WHAT IS BEING ASKED
If a picture appears in the records, leave it out and transcribe the rest exactly.

DATA
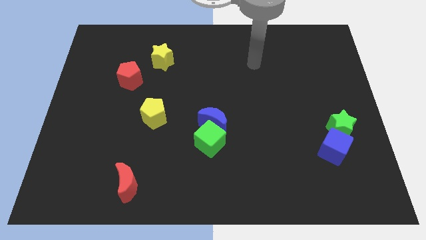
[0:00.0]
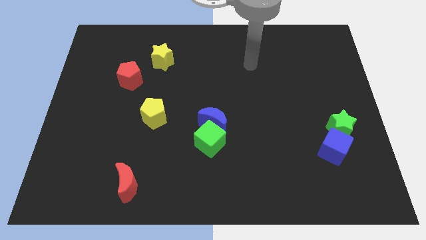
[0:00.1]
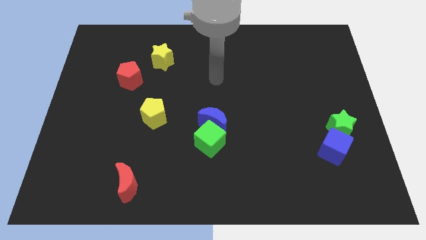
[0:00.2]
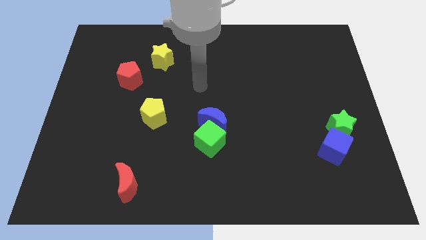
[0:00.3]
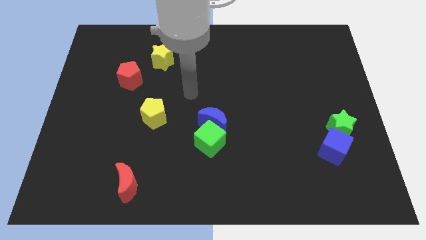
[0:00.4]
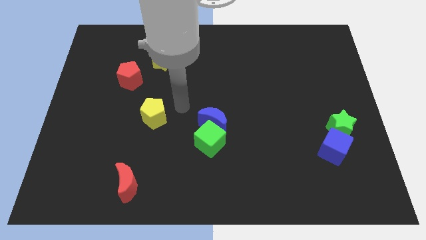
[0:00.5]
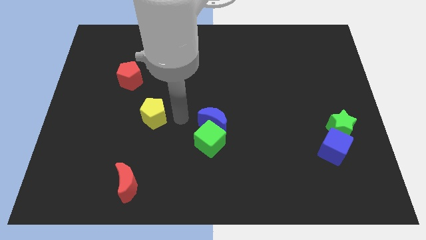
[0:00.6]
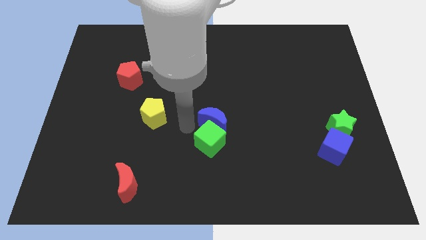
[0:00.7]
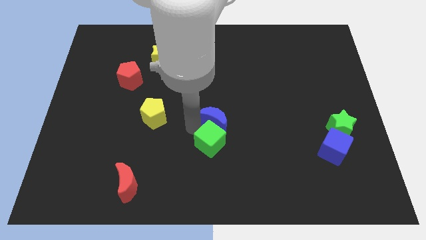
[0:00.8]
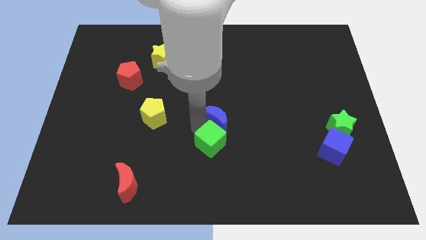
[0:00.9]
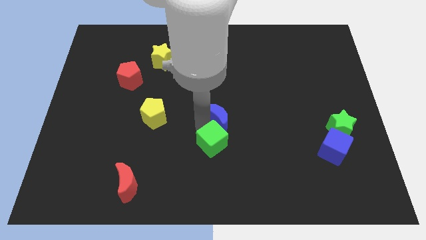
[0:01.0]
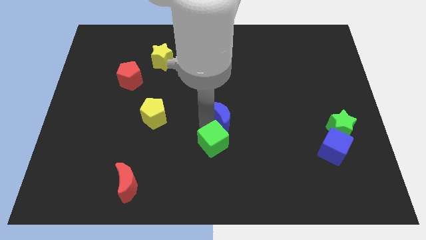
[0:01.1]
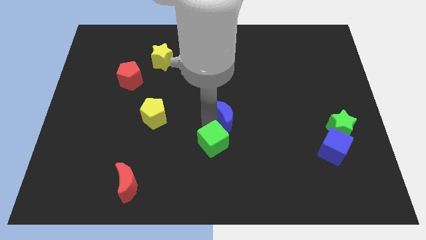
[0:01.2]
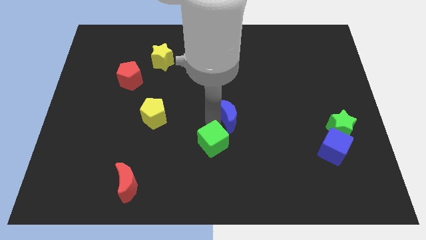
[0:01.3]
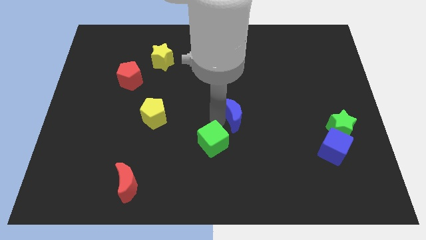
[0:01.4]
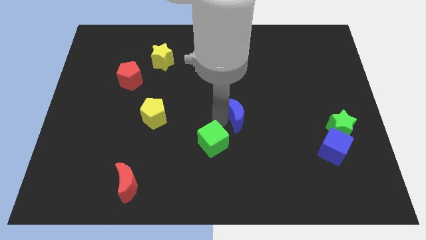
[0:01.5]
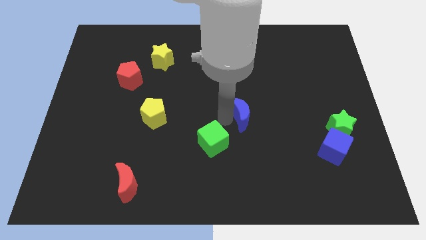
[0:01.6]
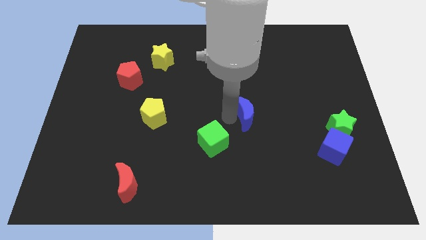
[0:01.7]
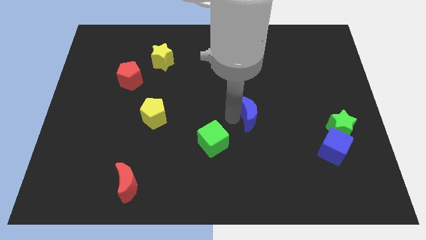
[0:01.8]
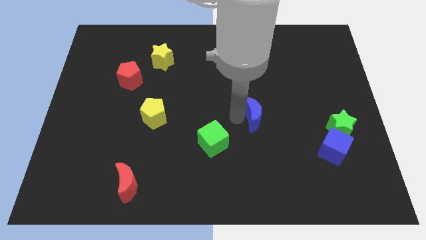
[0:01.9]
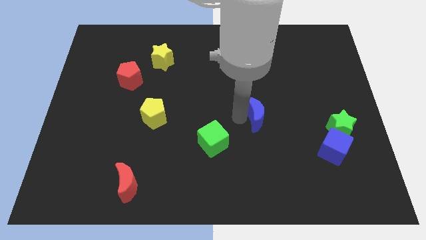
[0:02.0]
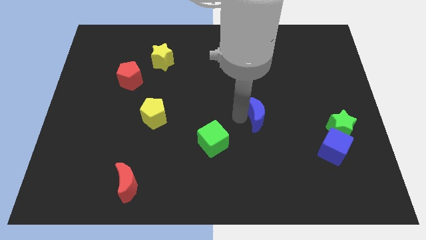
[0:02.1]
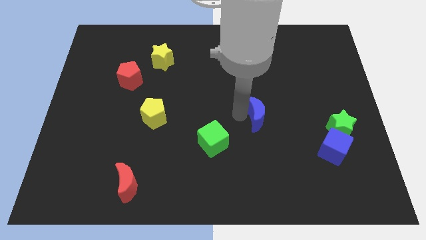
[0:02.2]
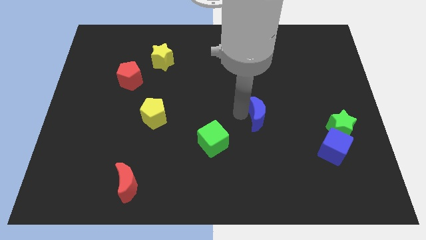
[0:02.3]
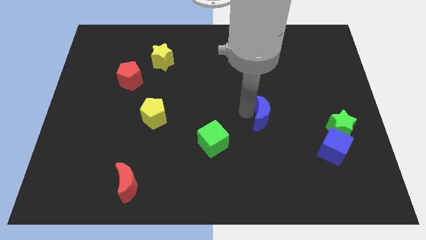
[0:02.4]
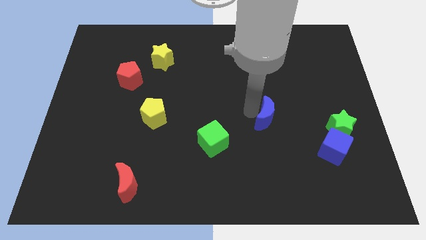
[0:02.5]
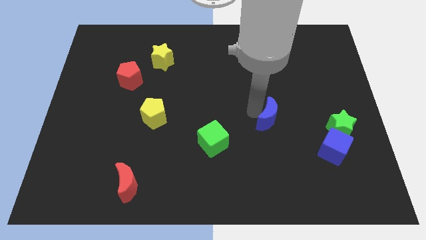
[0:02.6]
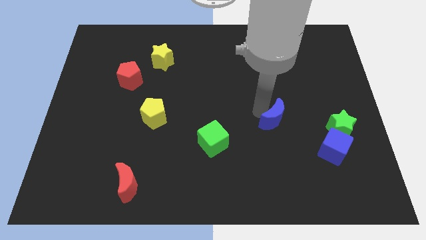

ANSWER SPACE
[0:00.0]
[0:00.1]
[0:00.2]
[0:00.3]
[0:00.4]
[0:00.5]
[0:00.6]
[0:00.7]
[0:00.8]
[0:00.9]
[0:01.0]
[0:01.1]
[0:01.2]
[0:01.3]
[0:01.4]
[0:01.5]
[0:01.6]
[0:01.7]
[0:01.8]
[0:01.9]
[0:02.0]
[0:02.1]
[0:02.2]
[0:02.3]
[0:02.4]
[0:02.5]
[0:02.6]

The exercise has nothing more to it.